Following C code shows the idea.

```size_t min_index_scalar(int32_t* array, size_t size) {

assert(array != nullptr);
assert(size > 0);

size_t minindex = 0;
int32_t minvalue = array[0];

for (size_t i=1; i < size; i++) {
if (array[i] < minvalue) {
minvalue = array[i];
minindex = i;
}
}

return minindex;
}
```

The C++ standard library allows to express the same algorithm in one line.

```#include <algorithm> // for std::min_element
#include <iterator>  // for std::distance

template <typename T>
size_t min_index(const T& v) {

assert(!v.empty());

return std::distance(v.begin(), std::min_element(v.begin(), v.end()));
}
```

The current versions of compilers (GCC 8.2, clang 7.0.0) are not able to autovectorize the code. However, they do autovectorize finding the minimum value, i.e. statement like return *std::min_element(v.begin(), v.end()).

SIMD approach

In a SIMD approach we keep three vectors of: minimum values, corresponding indices and also current scalar indices. When the main loop completes, we select the appropriate single index from these vectors.

The algorithm outline is shown below (for four-element vectors).

```// 1. SIMD part

Vector indices    = [0, 1, 2, 3]                    // basically [i + 0, i + 1, i + 2, i + 4]
Vector increment  = [4, 4, 4, 4]
// sample values
Vector minvalues  = load_vector(input[0])           // [77, 33, 11, 44]
Vector minindices = [0, 1, 2, 3]                    // [ 0,  1,  2,  3]

for (i = 4; i < input_size; i += 4) {

indices += increment;                           // [4, 5, 6, 7]

// compare
Vector values = load_vector(input[i]);          // [55, 44, 22, 22]
Mask   less   = compare(values, minvalues);     // [55 < 77, 44 < 33, 22 < 11, 22 < 44]
// [true, false, false, true]
//  two items will be updated
// update
minvalues =  blend(minvalues, values, less)     // [55, 33, 11, 22]
minindices = blend(minindices, indices, less);  // [ 4,  1,  2,  7]
}

// 2. scalar part

min_value = get_item(min_values, 0);
min_index = get_item(min_indices, 0);
for (int i = 1; i < 4; i++) {
if (get_item(min_values, i) < min_value) {
min_value = get_item(min_values, i);
min_index = get_item(min_indices, i);
} else if (get_item(min_values, i) == min_values)
// if some values are repeated, pick the smaller index
min_index = min(min_index, get_item(min_indices, i));
}

return min_index;
```

Function compare yields a mask, it can be a byte-mask (SSE, AVX2) or a bit-mask (AVX512). In SSE it might be instruction pcmpgtd (_mm_pcmplt_epi32), in AVX512 it might be vpcmpd (_mm512_cmp_epi32_mask).

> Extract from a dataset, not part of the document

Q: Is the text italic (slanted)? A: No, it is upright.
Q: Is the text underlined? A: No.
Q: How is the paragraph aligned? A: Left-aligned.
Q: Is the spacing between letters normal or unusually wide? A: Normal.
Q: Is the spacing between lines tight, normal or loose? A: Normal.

Function blend is a vector selection operator, i.e. mask[i] ? x[i] : y[i]; it stores items from either vector x or y based on the corresponding mask value. Many SIMD ISAs provides such operation; for instance SSE has the instruction pblendv (_mm_blendv_epi8).

Please note that in case of SSE the blend instruction is relative new, as it was introduced in SSE4.1. For really old CPUs the blend operator has to be expressed with binary operations: (x & mask) | (y & ~mask). Such expression is compiled into a sequence of three instructions: and, and-not, or.

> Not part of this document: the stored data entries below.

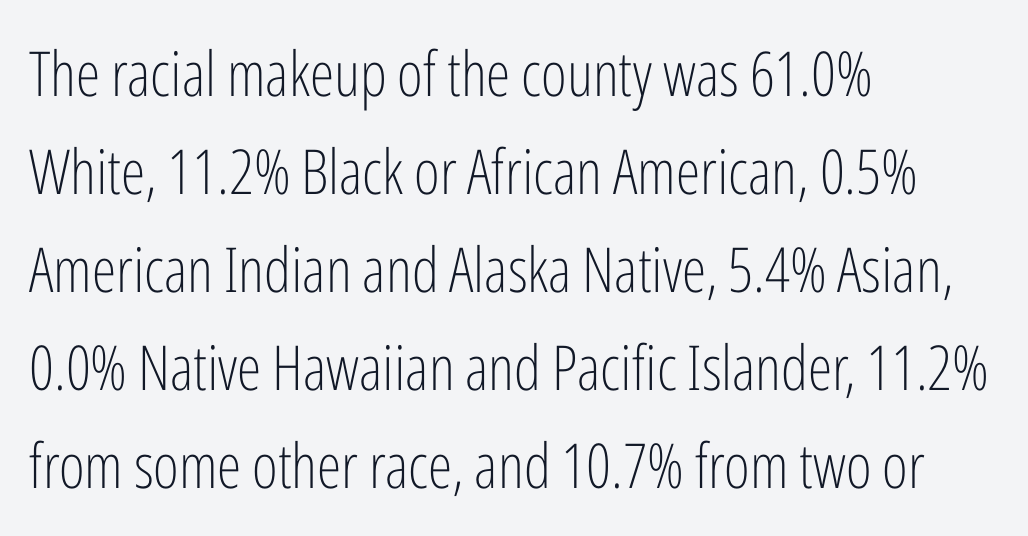
Q: Is the text bold? A: No.
Q: Is the text italic (slanted)? A: No, it is upright.
Q: Is the typeface a serif or a sans-serif typeface? A: Sans-serif.
Q: Is the text underlined? A: No.
Q: How is the paragraph aligned? A: Left-aligned.
Q: Is the spacing between letters normal or unusually wide? A: Normal.
Q: Is the spacing between lines tight, normal or loose? A: Normal.
Q: Width (condensed, normal, or wide)? A: Condensed.
Q: Stroke contrast? A: Low.
Q: x-height? A: Medium.
Q: Monospaced? A: No.

Additionally, since blend instructions tend to be slow, it's better to update minvalues vector using the min operator.

Experiments

The above schema was translated into procedures using SSE (including an unrolled version), AVX2 and AVX512. In this article just SSE and AVX512 procedures are shown, but obviously all implementations are available.

SSE implementation

```size_t min_index_sse(int32_t* array, size_t size) {

common_assertions;

const __m128i increment = _mm_set1_epi32(4);
__m128i indices         = _mm_setr_epi32(0, 1, 2, 3);
__m128i minindices      = indices;

for (size_t i=4; i < size; i += 4) {

const __m128i values        = _mm_loadu_si128((__m128i*)(array + i));
const __m128i lt            = _mm_cmplt_epi32(values, minvalues);
minindices = _mm_blendv_epi8(minindices, indices, lt);
minvalues  = _mm_min_epi32(values, minvalues);
}

// find min index in vector result (in an extremely naive way)
int32_t values_array[4];
uint32_t indices_array[4];

_mm_storeu_si128((__m128i*)values_array, minvalues);
_mm_storeu_si128((__m128i*)indices_array, minindices);

size_t  minindex = indices_array[0];
int32_t minvalue = values_array[0];
for (int i=1; i < 4; i++) {
if (values_array[i] < minvalue) {
minvalue = values_array[i];
minindex = indices_array[i];
} else if (values_array[i] == minvalue) {
minindex = std::min(minindex, size_t(indices_array[i]));
}
}

return minindex;
}
```

AVX512F implementation

```size_t min_index_avx512f(int32_t* array, size_t size) {

common_assertions;

const __m512i increment = _mm512_set1_epi32(16);
__m512i indices         = _mm512_setr_epi32(0, 1, 2, 3, 4, 5, 6, 7, 8, 9, 10, 11, 12, 13, 14, 15);
__m512i minindices      = indices;

for (size_t i=16; i < size; i += 16) {

const __m512i values        = _mm512_loadu_si512((__m512i*)(array + i));
minvalues  = _mm512_min_epi32(minvalues, values);
}

// find min index in vector result (in an extremely naive way)
int32_t values_array[16];
uint32_t indices_array[16];

_mm512_storeu_si512((__m512i*)values_array, minvalues);
_mm512_storeu_si512((__m512i*)indices_array, minindices);

size_t  minindex = indices_array[0];
int32_t minvalue = values_array[0];
for (int i=1; i < 16; i++) {
if (values_array[i] < minvalue) {
minvalue = values_array[i];
minindex = indices_array[i];
} else if (values_array[i] == minvalue) {
minindex = std::min(minindex, size_t(indices_array[i]));
}
}

return minindex;
}
```

Performance evaluation

Following procedures were tested:

All procedures work on signed 32-bit integers.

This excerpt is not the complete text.